As with morphemes, words can be divided into two broad categories based on the kind of meaning they carry. Lexical categories carry the primary referential meaning of a sentence. These are sometimes called content words. Grammatical categories are function words that express relationships between other words, create internal structure within a sentence, or specify the reference of lexical category words.

Lexical and Grammatical Categories

  • Lexical categories are verbs, nouns, adjectives, and adverbs.
  • Grammatical categories are everything else: determiners, pronouns, prepositions, auxiliary verbs, conjunctions, and subordinators/complementizers.

In this module we will give basic definitions of these word categories, but you will get a better feel for them as we work with sentence structure. These are not absolute categorizations: different grammars, textbooks, and teachers will put some words in different places (for instance, many people consider pronouns and prepositions to be lexical categories). I note this just to prepare you that you may find people using slightly different systems of categorization than we will use, and that is fine. We are all just humans trying to understand language!

 

2. Lexical categories

 

I’ll start with a food analogy. Think of a burger. Lexical categories are the key ingredients in defining a burger as a burger. What is the one required part of a burger? The patty. You can order a “burger” without the bun (like someone avoiding carbs), and you may just end up with a patty and condiments. But if you ask for a “burger” without the patty, you are just getting the bun, which is not actually a burger at all.

 

image: cheeseburger
A burger: the patty is the most crucial part of making it a “burger”

 

The patty in a burger is like the verb in a sentence. Every sentence in English contains at least one verb. Therefore, every English sentence contains at least one lexical category word. And the smallest possible English sentences contain just this one category, a verb:

Go!

Dance!

Play!

Eat!

These words imply someone doing the action—you—and are equivalent in meaning to the following:

You go!

You dance!

You play!

You eat!

It is impossible for me to utter “Go!” and have you interpret me as meaning “That person over there should go.” This highlights one fact about sentences: we interpret there to be a subject, or something that is the actor or topic of the sentence, even when it is not explicitly pronounced.

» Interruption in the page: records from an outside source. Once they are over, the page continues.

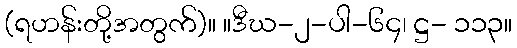
(ရဟန်းတို့အတွက်)။ ။ဒီဃ-၂-ပါ-၆၄၊ ဋ္ဌ- ၁၁၃။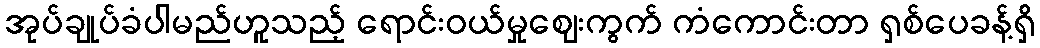
အုပ်ချုပ်ခံပါမည်ဟူသည့် ရောင်းဝယ်မှုဈေးကွက် ကံကောင်းတာ ရှစ်ပေခန့်ရှိ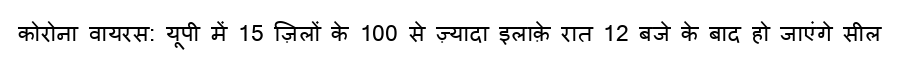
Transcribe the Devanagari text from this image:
कोरोना वायरस: यूपी में 15 ज़िलों के 100 से ज़्यादा इलाक़े रात 12 बजे के बाद हो जाएंगे सील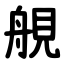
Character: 䚀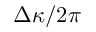
\Delta \kappa / 2 \pi
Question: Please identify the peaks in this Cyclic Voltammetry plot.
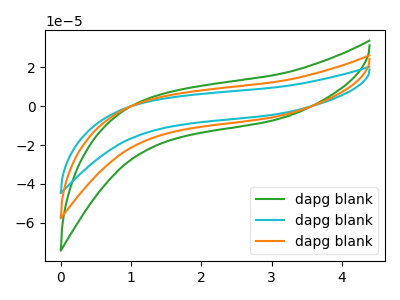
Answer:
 <answer>The green curve "dapg blank1" has no peaks. The cyan curve "dapg blank2" has no peaks. The orange curve "dapg blank3" has no peaks.</answer>
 <eval></eval>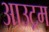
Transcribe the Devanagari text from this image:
आउट्रम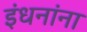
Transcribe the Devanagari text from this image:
इंधनांना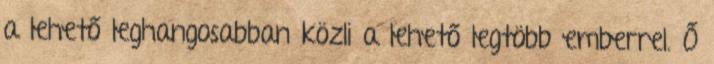
a lehető leghangosabban közli a lehető legtöbb emberrel. Ő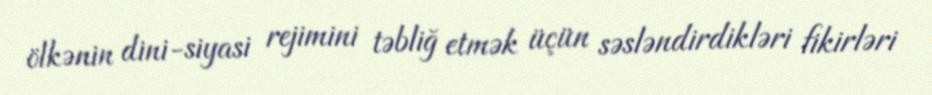
ölkənin dini-siyasi rejimini təbliğ etmək üçün səsləndirdikləri fikirləri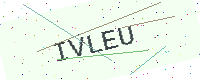
Text: IVLEU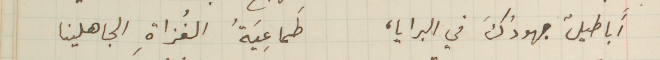
أباطيلٌ جهودُكَ في البرايا، طَماعِيَةُ الغُزاةِ الجاهلينا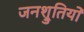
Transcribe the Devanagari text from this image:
जनश्रुतियो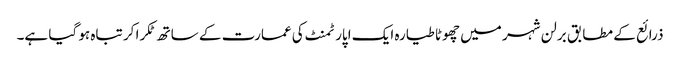
ذرائع کے مطابق برلن شہر میں چھوٹا طیارہ ایک اپارٹمنٹ کی عمارت کے ساتھ ٹکرا کر تباہ ہو گیا ہے۔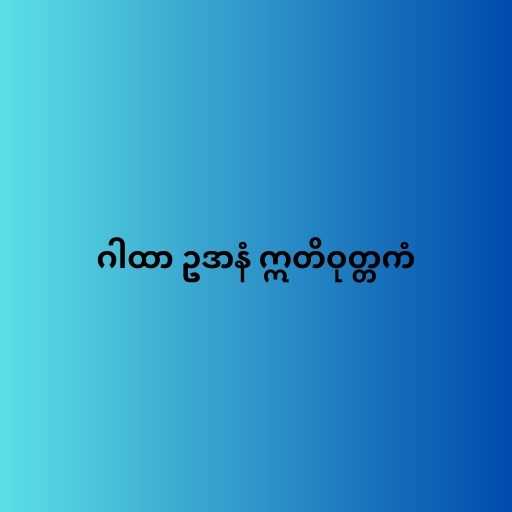
ဂါထာ ဥဒာနံ ဣတိဝုတ္တကံ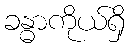
ခန္ဓာကိုယ်ရှိ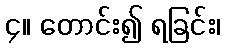
၄။ တောင်း၍ ရခြင်း၊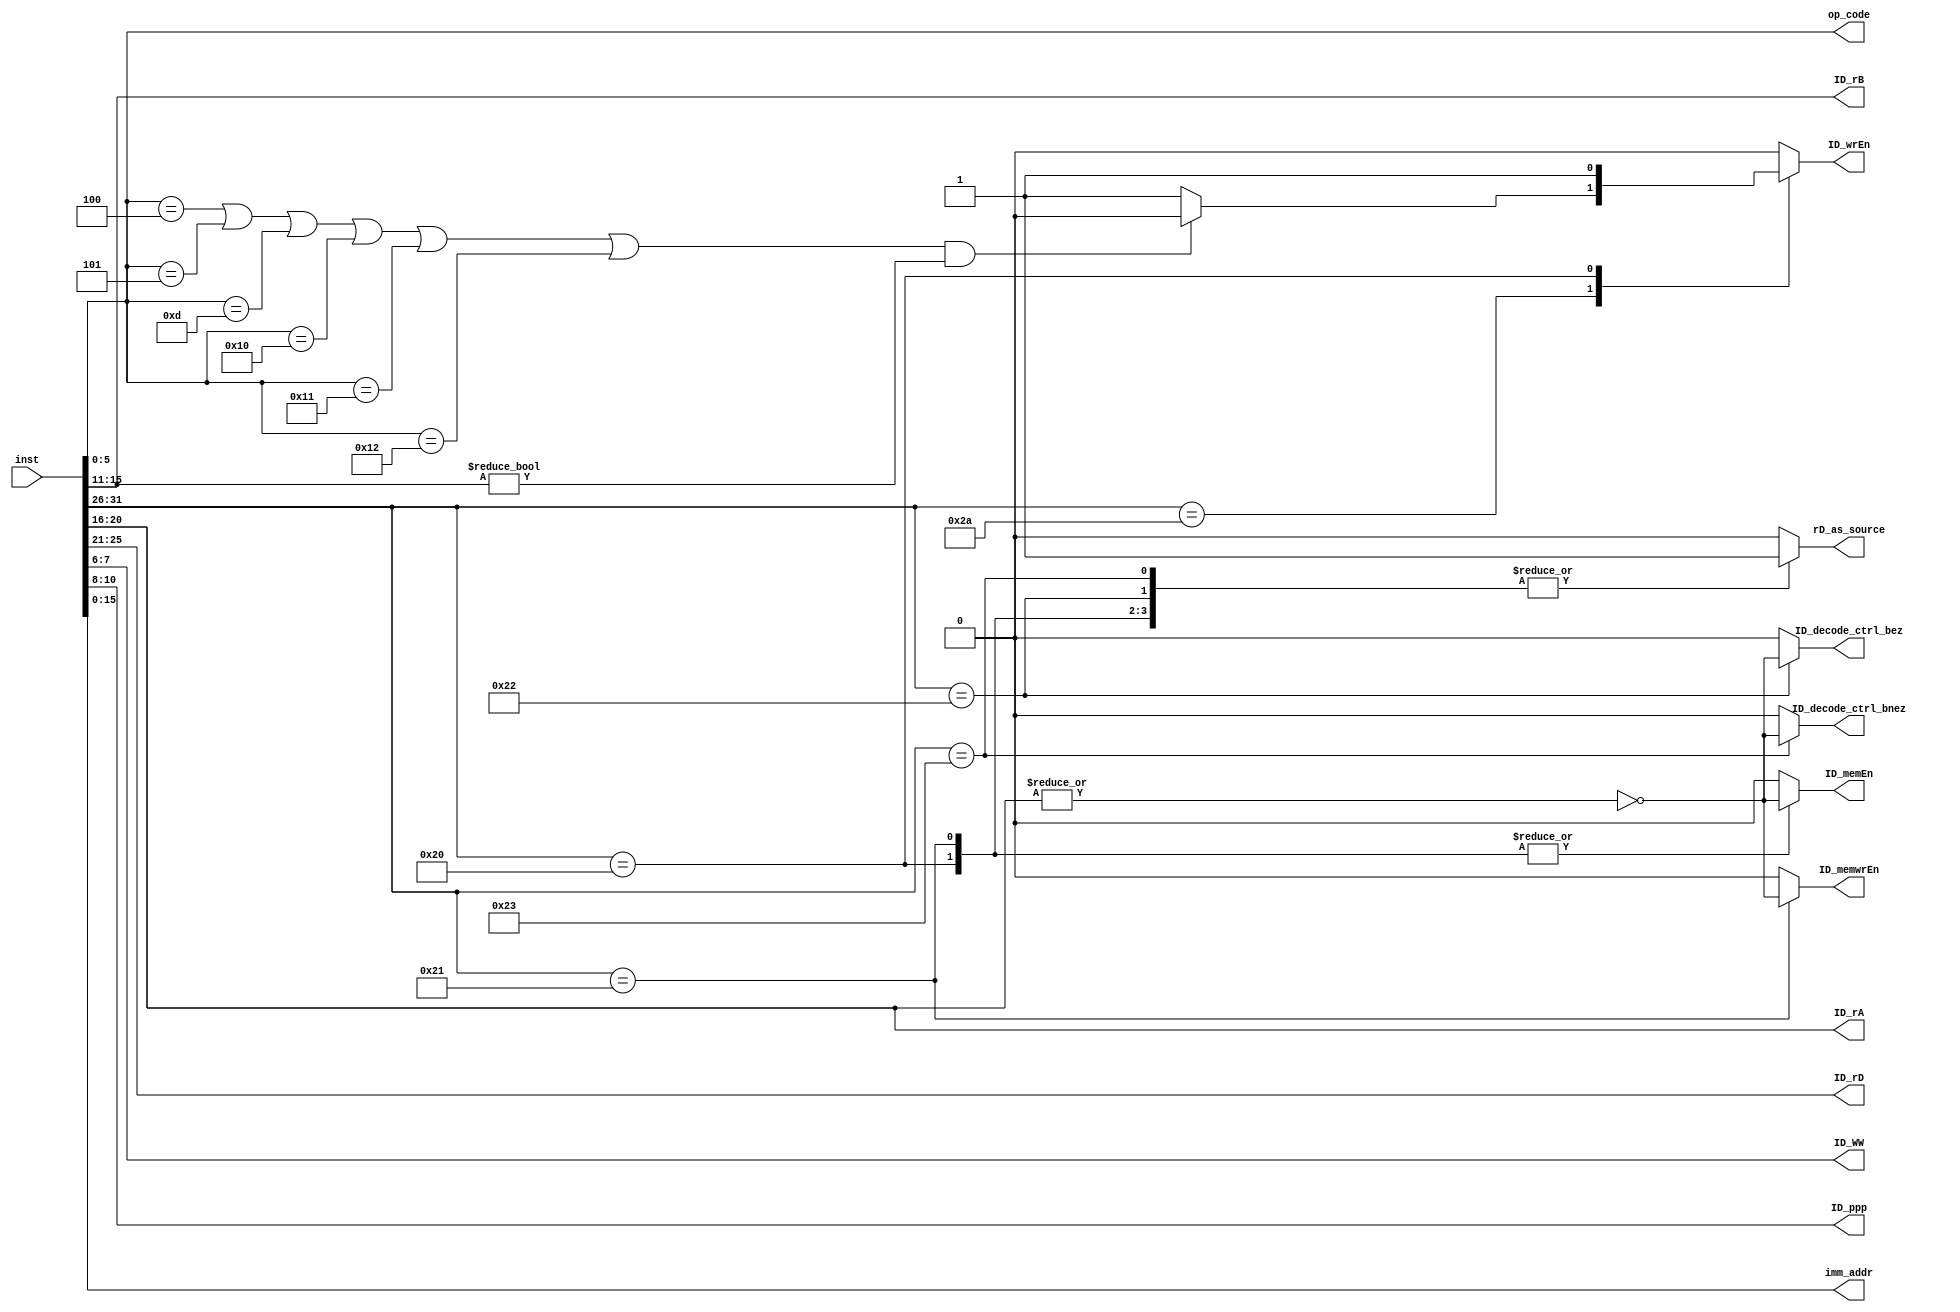
module decode_ctrl (
    inst,
    ID_wrEn,ID_rD,ID_rA,ID_rB,ID_WW, ID_ppp,
    ID_memEn,ID_memwrEn,ID_decode_ctrl_bez,ID_decode_ctrl_bnez,rD_as_source,
    imm_addr,op_code
);
    input wire[0:31] inst;
    output wire [0:4] ID_rD,ID_rA,ID_rB;
    output wire [0:1] ID_WW;
    output wire [0:2] ID_ppp;
    output reg ID_wrEn,ID_memEn,ID_memwrEn,ID_decode_ctrl_bez,ID_decode_ctrl_bnez;
    output reg rD_as_source;
    output wire [0:15] imm_addr;
    output wire [0:5] op_code;

    parameter RTYPE = 6'b101010;
    parameter VLD = 6'b100000;
    parameter VSD = 6'b100001;
    parameter VBEZ = 6'b100010;
    parameter VBNEZ = 6'b100011;
    parameter VNOP = 6'b111100;
    /*
    parameter WW_BYTE = 2'b00;
    parameter WW_HALF = 2'b01;
    parameter WW_WORD = 2'b10;
    parameter WW_DW = 2'b11;
    */

    wire [0:5] type_identifier;

    //general
    assign type_identifier = inst[0:5];
    assign ID_rD = inst[6:10];

    //RTYPE
    assign op_code = inst[26:31];
    
    assign ID_rA = inst[11:15];
    assign ID_rB = inst[16:20];
    assign ID_WW = inst[24:25];
    assign ID_ppp = inst[21:23];
    //MTYPE
    assign imm_addr = inst[16:31];

    // inst decode
    always @(*) begin
        ID_wrEn = 0;
        ID_memEn = 0;
        ID_memwrEn = 0;
        ID_decode_ctrl_bez = 0;
        ID_decode_ctrl_bnez = 0;
        rD_as_source = 0;
        case (type_identifier)
            RTYPE: begin
                if(((op_code == 6'b 000100 )||
                (op_code == 6'b 000101)||
                (op_code == 6'b 001101)||
                (op_code == 6'b 010000)||
                (op_code == 6'b 010001)||
                (op_code == 6'b 010010))
                &&(ID_rB != 5'b 00000))
                begin
                    ID_wrEn = 0;
                    ID_memEn = 0;
                    ID_memwrEn = 0;
                    ID_decode_ctrl_bez = 0;
                    ID_decode_ctrl_bnez = 0;
                    rD_as_source = 0;
                end
                else begin
                    ID_wrEn = 1;
                    ID_memEn = 0;
                    ID_memwrEn = 0;
                    ID_decode_ctrl_bez = 0;
                    ID_decode_ctrl_bnez = 0;
                    rD_as_source = 0;
                end
            end 
            VLD: begin
                ID_wrEn = 1;
                ID_memEn = (!(|ID_rA));
                ID_memwrEn = 0;
                ID_decode_ctrl_bez = 0;
                ID_decode_ctrl_bnez = 0;
                rD_as_source = 1;
            end
            VSD: begin
                ID_wrEn = 0;
                ID_memEn = (!(|ID_rA));
                ID_memwrEn = (!(|ID_rA));
                ID_decode_ctrl_bez = 0;
                ID_decode_ctrl_bnez = 0;
                rD_as_source = 1;
            end 
            VBEZ: begin
                ID_wrEn = 0;
                ID_memEn = 0;
                ID_memwrEn = 0;
                ID_decode_ctrl_bez = (!(|ID_rA));
                ID_decode_ctrl_bnez = 0;
                rD_as_source = 1;
            end
            VBNEZ: begin
                ID_wrEn = 0;
                ID_memEn = 0;
                ID_memwrEn = 0;
                ID_decode_ctrl_bez = 0;
                ID_decode_ctrl_bnez = (!(|ID_rA));
                rD_as_source = 1;
            end 
            VNOP: begin
                ID_wrEn = 0;
                ID_memEn = 0;
                ID_memwrEn = 0;
                ID_decode_ctrl_bez = 0;
                ID_decode_ctrl_bnez = 0;
                rD_as_source = 0;
            end
            default: begin
                ID_wrEn = 0;
                ID_memEn = 0;
                ID_memwrEn = 0;
                ID_decode_ctrl_bez = 0;
                ID_decode_ctrl_bnez = 0;
                rD_as_source = 0;
            end
        endcase
    end
endmodule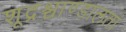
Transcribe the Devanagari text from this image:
शूद्रश्चाण्डालतां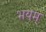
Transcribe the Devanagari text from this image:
भयम्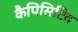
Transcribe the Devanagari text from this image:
कैपिसिटिव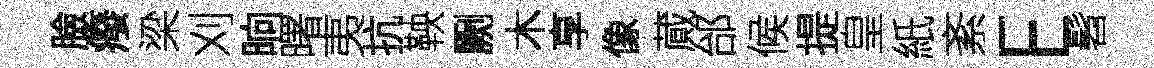
臉癈梁刈晌曙夷抗鞅劂木享像蕆邰候提皇紙紊E髫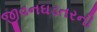
જીવનઘડતરની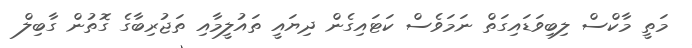
މަތީ މާކްސް ލިބިވަޑައިގަތް ނަމަވެސް ކަޓައިގެން ދިޔައީ ތައުލީމާއި ތަޖުރިބާގެ ގޮތުން ގާބިލް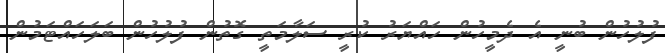
ފުލުހުން ބުނީ އެ ދެމީހުން ހައްޔަރު ކުރީ ސަލާމަތީ ގޮތުން ފުލުހުން ބަލަހައްޓަމުން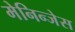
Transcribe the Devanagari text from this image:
मेनिन्जेस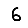
Digit: 6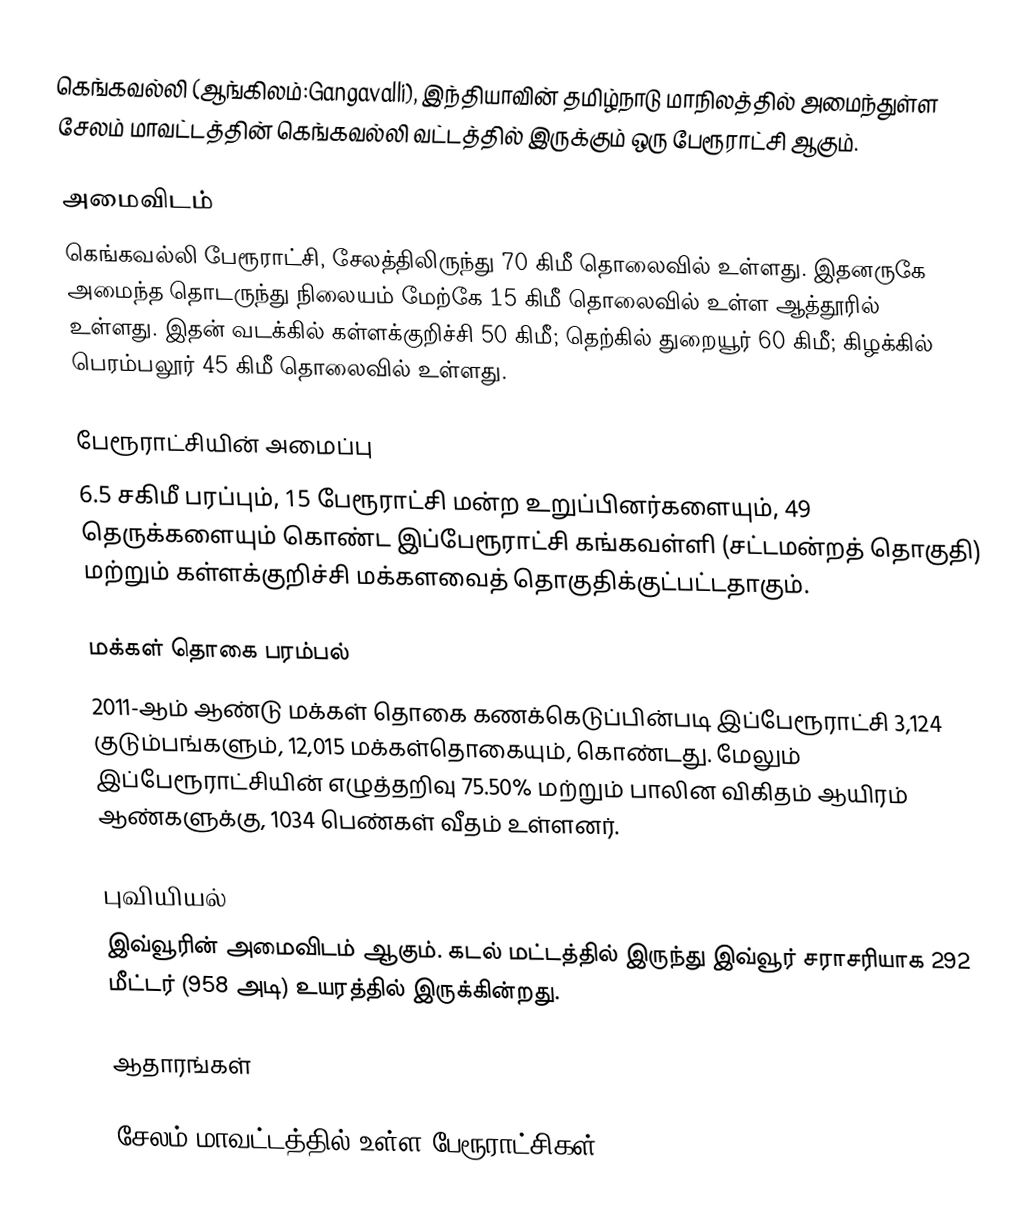
கெங்கவல்லி (ஆங்கிலம்:Gangavalli), இந்தியாவின் தமிழ்நாடு மாநிலத்தில் அமைந்துள்ள சேலம் மாவட்டத்தின் கெங்கவல்லி வட்டத்தில் இருக்கும் ஒரு பேரூராட்சி ஆகும்.

அமைவிடம்
கெங்கவல்லி பேரூராட்சி, சேலத்திலிருந்து 70 கிமீ தொலைவில் உள்ளது. இதனருகே அமைந்த  தொடருந்து நிலையம் மேற்கே 15 கிமீ தொலைவில் உள்ள  ஆத்தூரில் உள்ளது. இதன் வடக்கில் கள்ளக்குறிச்சி 50 கிமீ; தெற்கில் துறையூர் 60 கிமீ; கிழக்கில் பெரம்பலூர் 45 கிமீ தொலைவில் உள்ளது.

பேரூராட்சியின் அமைப்பு
6.5 சகிமீ பரப்பும், 15 பேரூராட்சி மன்ற உறுப்பினர்களையும்,  49 தெருக்களையும்  கொண்ட இப்பேரூராட்சி கங்கவள்ளி (சட்டமன்றத் தொகுதி) மற்றும் கள்ளக்குறிச்சி மக்களவைத் தொகுதிக்குட்பட்டதாகும்.

மக்கள் தொகை பரம்பல்
2011-ஆம் ஆண்டு மக்கள் தொகை கணக்கெடுப்பின்படி  இப்பேரூராட்சி  3,124 குடும்பங்களும்,  12,015 மக்கள்தொகையும், கொண்டது. மேலும் இப்பேரூராட்சியின் எழுத்தறிவு  75.50%  மற்றும்  பாலின விகிதம் ஆயிரம் ஆண்களுக்கு, 1034 பெண்கள் வீதம் உள்ளனர்.

புவியியல்
இவ்வூரின் அமைவிடம்  ஆகும். கடல் மட்டத்தில் இருந்து இவ்வூர் சராசரியாக 292 மீட்டர் (958 அடி) உயரத்தில் இருக்கின்றது.

ஆதாரங்கள்

சேலம் மாவட்டத்தில் உள்ள பேரூராட்சிகள்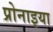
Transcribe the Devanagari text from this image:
प्रोनाइया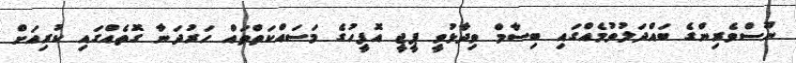
ނޫސްވެރިންގެ ބައްދަލުވުމެއްގައި ބިސާމް ވިދާޅުވީ ޕީޖީ އޮފީހުގެ މަސައްކަތްތައް ހަރުދަނާ ގޮތެއްގައި ކުރިއަށް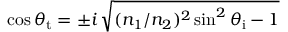
\cos \theta _ { \mathrm { t } } = \pm i \, { \sqrt { ( n _ { 1 } / n _ { 2 } ) ^ { 2 } \sin ^ { 2 } \theta _ { \mathrm { i } } - 1 } }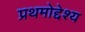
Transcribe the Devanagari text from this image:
प्रथमोद्देश्य

Therefore, not only does every sentence have at least a verb, but most sentences also contain at least one noun. Consider the following two-word sentences:

Birds chirp.

Mushrooms stink.

Sheep baa.

Syntax rules.

Rock’n’roll lives.

If a verb is like the patty, a noun is like the bun: nearly all sentences will have one. You can have a bun-less burger with just a patty; it’s rare, but you can order it. Likewise, you can have a noun-less “sentence” with just a verb—it serves a specific expression of meaning, but is still a sentence.

In contrast, the nouns standing alone in the below examples are not “sentences”:

Syntax

Sheep

Birds

Mushrooms

Rock’n’roll

 

These nouns are just nouns, not sentences—like buns without a patty.

So a verb is necessary for a sentence, and most sentences also have a noun. What about everything else?

What if you wanted to add something to your patty, to increase its deliciousness? Maybe blue cheese? That would be like an adverb. Blue cheese modifies the patty; an adverb modifies a verb. And what about adding mustard to your bun? That would be like an adjective. Mustard modifies the bun; an adjective modifies a noun. In other words: the patty and the bun are still the most essential parts of the burger. The other categories of items are modifying either the patty or the bun. You can’t have a burger with just blue cheese and mustard; you can’t have a sentence with just adjectives and adverbs.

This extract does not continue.